I am creating a rotation matrix in python as follows:
import numpy as np
def make_rot(angle):
cost = np.cos(np.deg2rad(angle))
sint = np.sin(np.deg2rad(angle))
rot = np.array([[cost, -sint, 0],
[sint, cost, 0],
[0, 0, 1]])
return rot
This is as defined in the wikipedia page here: http://en.wikipedia.org/wiki/Rotation_matrix
I run it with the angle parameter as 45 degrees and I get something like:
[[ 0.70710678 -0.70710678 0. ]
[ 0.70710678 0.70710678 0. ]
[ 0. 0. 1. ]]
Now, I use the OpenCV getRotationMatrix2D API as follows:
import cv2
M = cv2.getRotationMatrix2D((0, 0), 45, 1)
The matrix I get is the inverse of the matrix (the transpose as it is a rotation matrix). The result is as follows:
[[ 0.70710678 0.70710678 0. ]
[-0.70710678 0.70710678 0. ]]
As you can see it is the inverse. I have not found anything in the OpenCV documentation which says anything about this behaviour.
Now, I can use this matrix in OpenCV and skimage to transform an image as follows:
# openCV
M = cv2.getRotationMatrix2D((0, 0), 45, 1)
dst = cv2.warpAffine(image2, M, (coumns, rows))
# skimage
from skimage import transform as tf
tform = tf.AffineTransform(matrix=make_rot(45))
dst = tf.warp(image_2, tform)
The surprising thing is that the result from using my matrix and OpenCV matrix is the same.
My question is why is OpenCV working with the inverse of the transformation? I am wondering if this is something they are not mentioning in the documentation or if I am using this wrong somehow.
I think the problem is that in a traditional right-handed coordinate system the rotation matrix looks exactly like the one you are using.

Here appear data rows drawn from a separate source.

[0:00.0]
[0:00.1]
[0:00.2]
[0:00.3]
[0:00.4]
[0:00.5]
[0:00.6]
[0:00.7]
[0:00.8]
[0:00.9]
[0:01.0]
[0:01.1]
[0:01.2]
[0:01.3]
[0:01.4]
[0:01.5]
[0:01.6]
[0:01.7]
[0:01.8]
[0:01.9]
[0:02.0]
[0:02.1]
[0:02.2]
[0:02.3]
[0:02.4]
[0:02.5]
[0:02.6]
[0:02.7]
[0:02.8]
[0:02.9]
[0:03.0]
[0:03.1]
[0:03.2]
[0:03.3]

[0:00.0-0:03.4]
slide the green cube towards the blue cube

Whereas in images (and OpenCV works with images) the origin is in the top-left corner, the x-axis goes to the right (as usual), but y-axis goes down rather than up, which means that the coordinate system is left-handed and the rotation matrix is different.

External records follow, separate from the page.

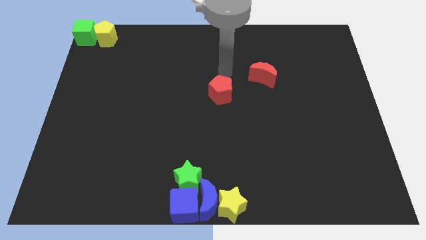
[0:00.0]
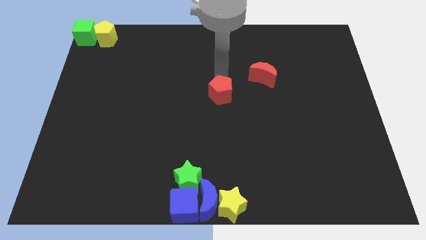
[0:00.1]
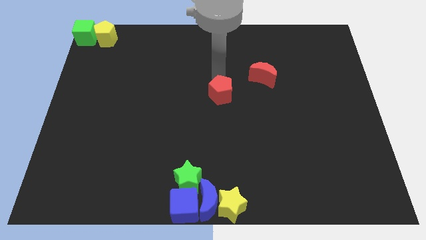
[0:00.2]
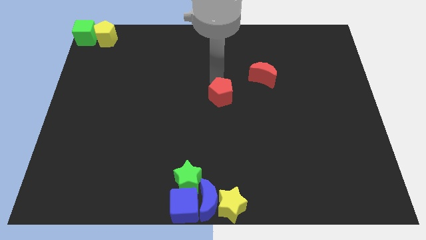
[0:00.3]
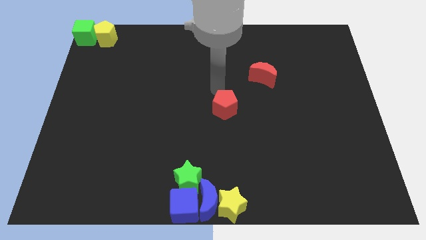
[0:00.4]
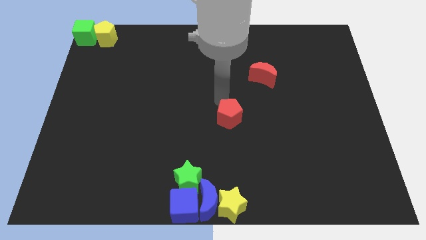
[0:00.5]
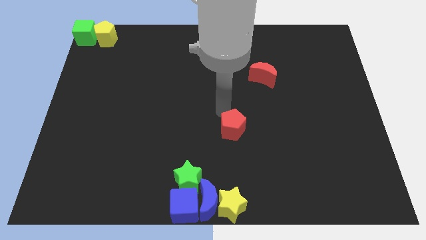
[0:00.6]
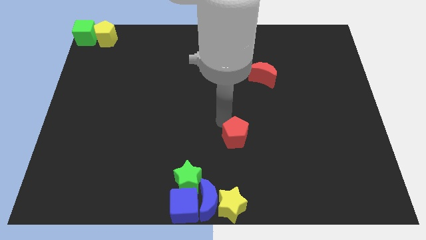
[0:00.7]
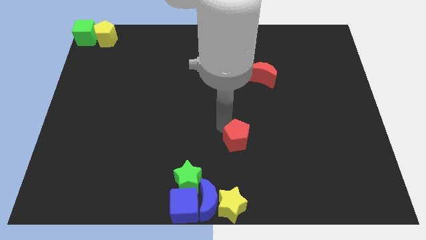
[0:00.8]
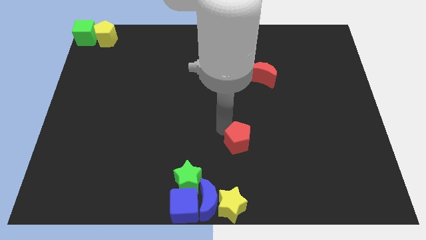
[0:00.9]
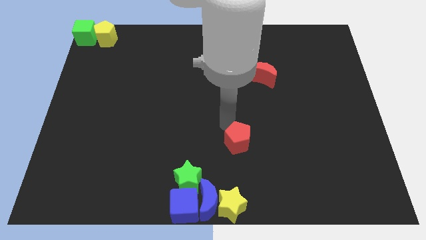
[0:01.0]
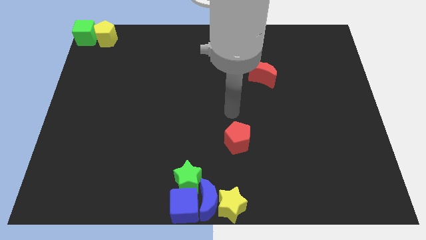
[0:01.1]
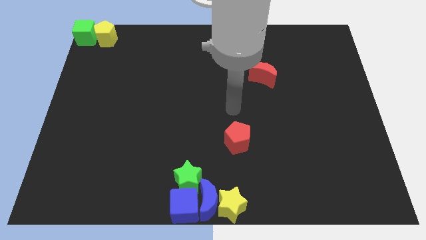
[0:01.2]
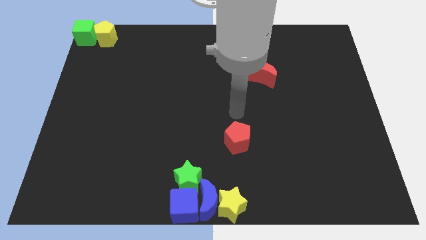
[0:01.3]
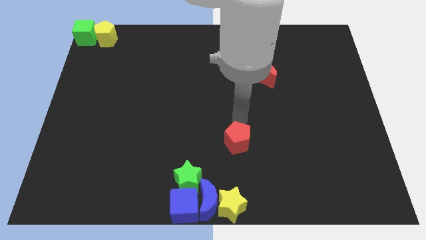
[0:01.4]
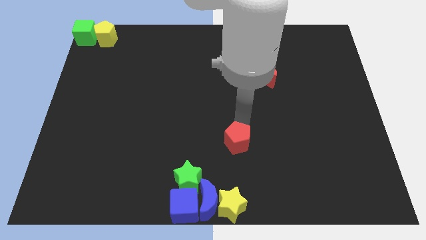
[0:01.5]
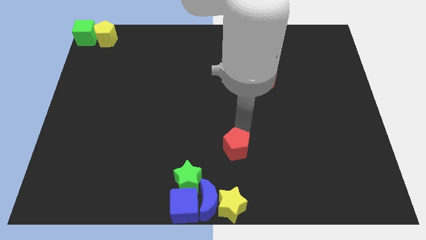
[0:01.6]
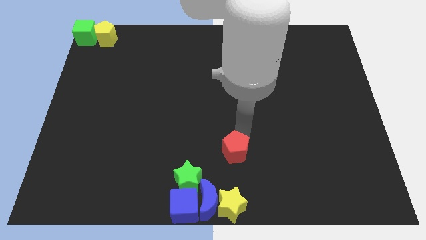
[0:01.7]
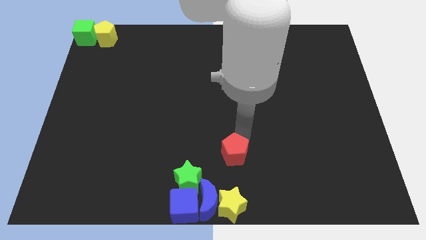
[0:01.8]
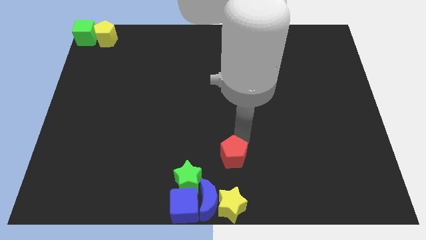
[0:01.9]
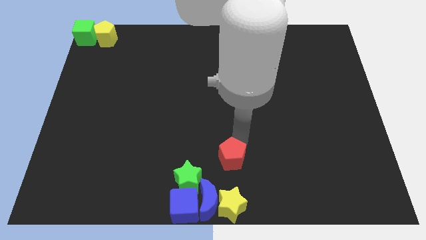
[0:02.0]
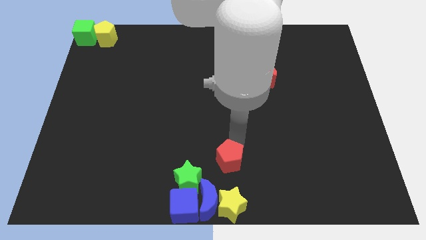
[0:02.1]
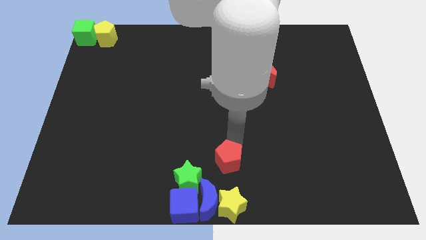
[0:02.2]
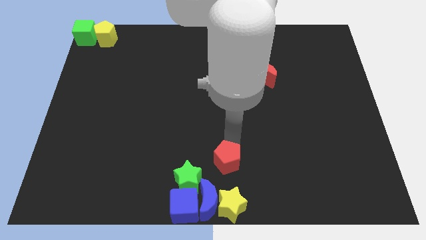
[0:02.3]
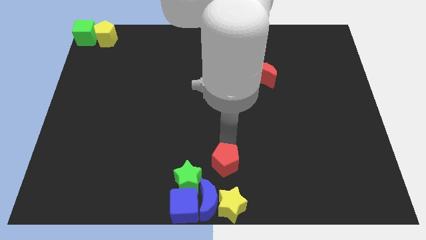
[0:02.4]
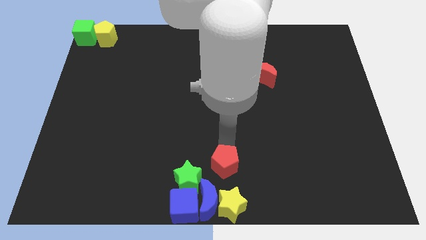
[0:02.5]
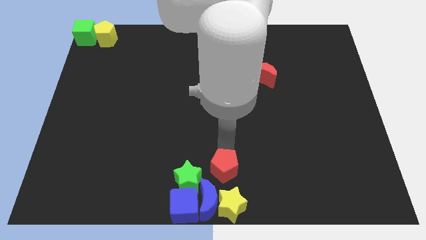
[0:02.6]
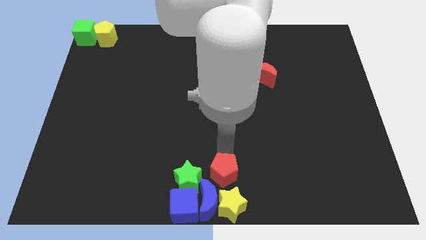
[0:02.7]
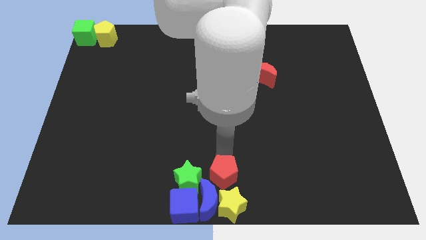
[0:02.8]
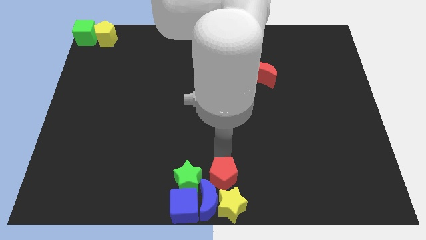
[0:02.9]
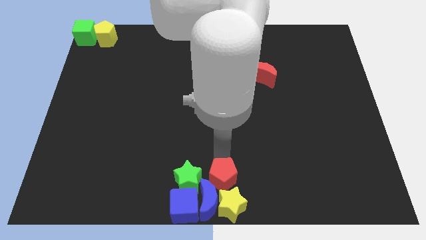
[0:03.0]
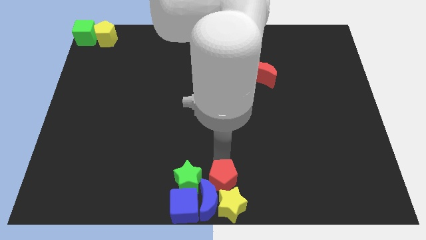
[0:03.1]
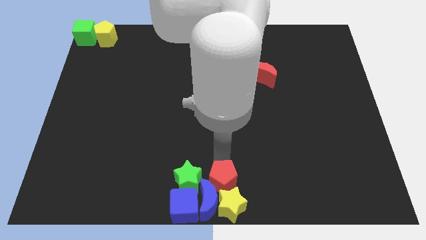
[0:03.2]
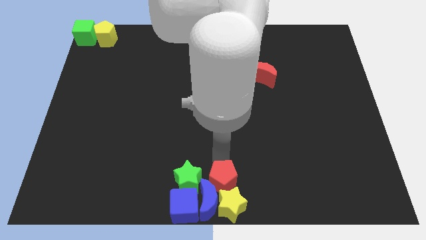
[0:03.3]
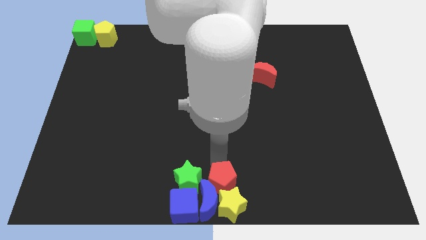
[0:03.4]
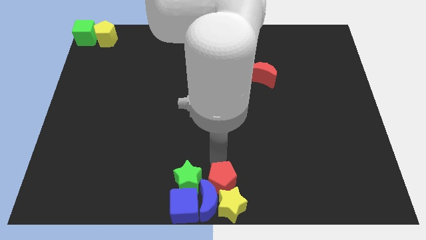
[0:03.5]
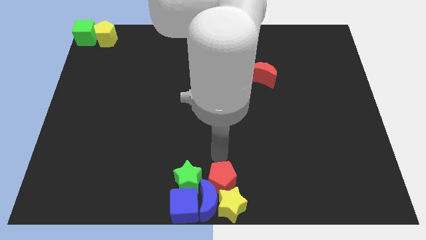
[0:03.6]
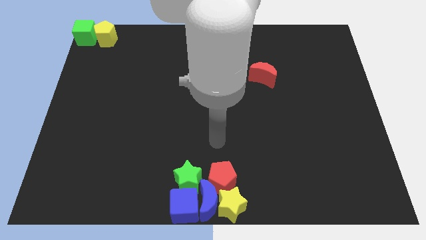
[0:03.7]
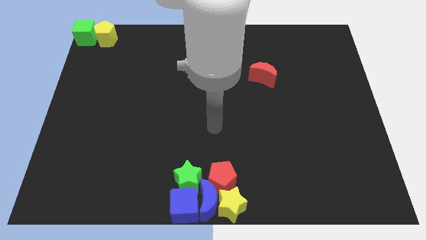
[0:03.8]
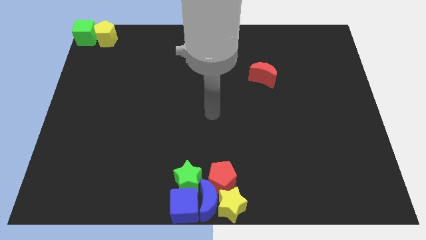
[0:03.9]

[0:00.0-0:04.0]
place the red pentagon into the yellow star and blue moon

Let's build the rotation matrix in this coordinate system. If we denote:
A - linear transformation (rotation in our case)
then we get
A(i) = (cos(angle), -sin(angle))
where i - is the base vector corresponding to x-axis
A(j) = (sin(angle), cos(angle))
where j- is the base vector for y-axis.
Consequently, rotation matrix looks exactly like in OpenCV:
A(i) is its first column,
A(j) is the second one.